Before possible showers at the end of the week, take advantage of all this nice sunshine – and get to work!

* Set out tomato, pepper and eggplant transplants.

* From seed, plant beans, beets, cantaloupes, carrots, corn, cucumbers, melons, pumpkins, radishes and squash.

* Plant onion sets.

* In the flower garden, plant seeds for asters, cosmos, celosia, marigolds, salvia, sunflowers and zinnias.

* Transplant petunias, zinnias, geraniums and other summer bloomers.

* Plant perennials and dahlia tubers for summer bloom.

* Plant summer bulbs, such as gladiolus and tuberous begonias.

* Transplant lettuce and cabbage seedlings.

* Smell orange blossoms? Feed citrus trees with a low dose of balanced fertilizer (such as 10-10-10) during bloom to help set fruit. Keep an eye out for ants.

* Apply slow-release fertilizer to the lawn.

* Thoroughly clean debris from the bottom of outdoor ponds or fountains.

* Trim dead flowers but not leaves from spring-flowering bulbs such as daffodils and tulips. Those leaves gather energy to create next year's flowers. Also, give the bulbs a fertilizer boost after bloom.

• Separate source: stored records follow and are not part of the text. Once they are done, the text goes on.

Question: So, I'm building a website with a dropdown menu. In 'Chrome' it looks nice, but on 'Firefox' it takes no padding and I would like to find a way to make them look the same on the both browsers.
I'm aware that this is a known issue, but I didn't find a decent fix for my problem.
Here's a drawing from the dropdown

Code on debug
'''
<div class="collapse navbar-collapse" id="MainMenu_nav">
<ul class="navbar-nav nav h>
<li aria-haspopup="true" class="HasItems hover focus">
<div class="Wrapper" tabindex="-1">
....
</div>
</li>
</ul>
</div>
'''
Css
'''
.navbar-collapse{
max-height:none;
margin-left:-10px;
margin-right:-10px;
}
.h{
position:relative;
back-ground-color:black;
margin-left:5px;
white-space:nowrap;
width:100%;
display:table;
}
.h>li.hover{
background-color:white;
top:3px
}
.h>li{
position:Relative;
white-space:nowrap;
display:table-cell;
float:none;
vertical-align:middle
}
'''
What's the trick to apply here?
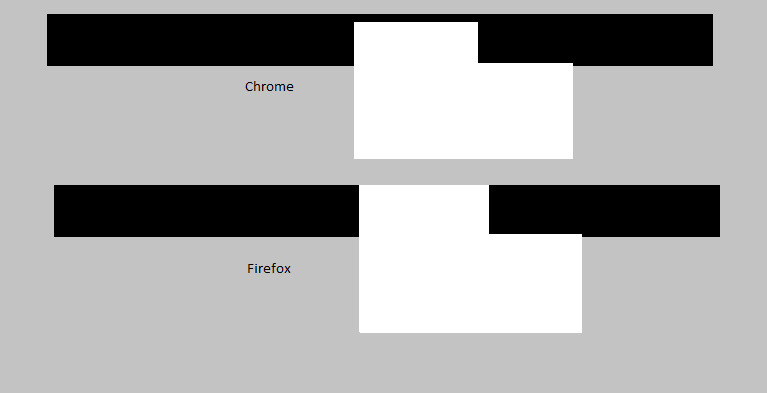
Answer: Funny thing, I guessed this problem might not had anythingto do with the dropdown, but to the fact that firefox somehow ignored the padding.
Seems like I was wrong, since according to <URL>, this is a bug of Chrome and not Firefox
I've fixed the problem with simply displaying the 'li' as block
'''
@-moz-document url-prefix(){
.h >li.hover{
height:45px;
display:block;
top:3px;
}
}
'''

* Spring brings a flush of rapid growth, and that means your garden is really hungry. Give shrubs and trees a dose of a slow-release fertilizer. Or mulch with a 1-inch layer of compost.

* Start thinning fruit that's formed on apple and stone fruit trees -- you'll get larger fruit at harvest (and avoid limb breakage) if some is thinned now. The UC recommendation is to thin fruit when it is about 3/4 of an inch in diameter. Peaches and nectarines should be thinned to about 6 inches apart; smaller fruit such as plums and pluots can be about 4 inches apart. Apricots can be left at 3 inches apart. Apples and pears should be thinned to one fruit per cluster of flowers, 6 to 8 inches apart.

* Azaleas and camellias looking a little yellow? If leaves are turning yellow between the veins, give them a boost with chelated iron.

* Pinch chrysanthemums back to 12 inches for fall flowers. Cut old stems to the ground.

* Weed, weed, weed! Don’t let unwanted plants go to seed.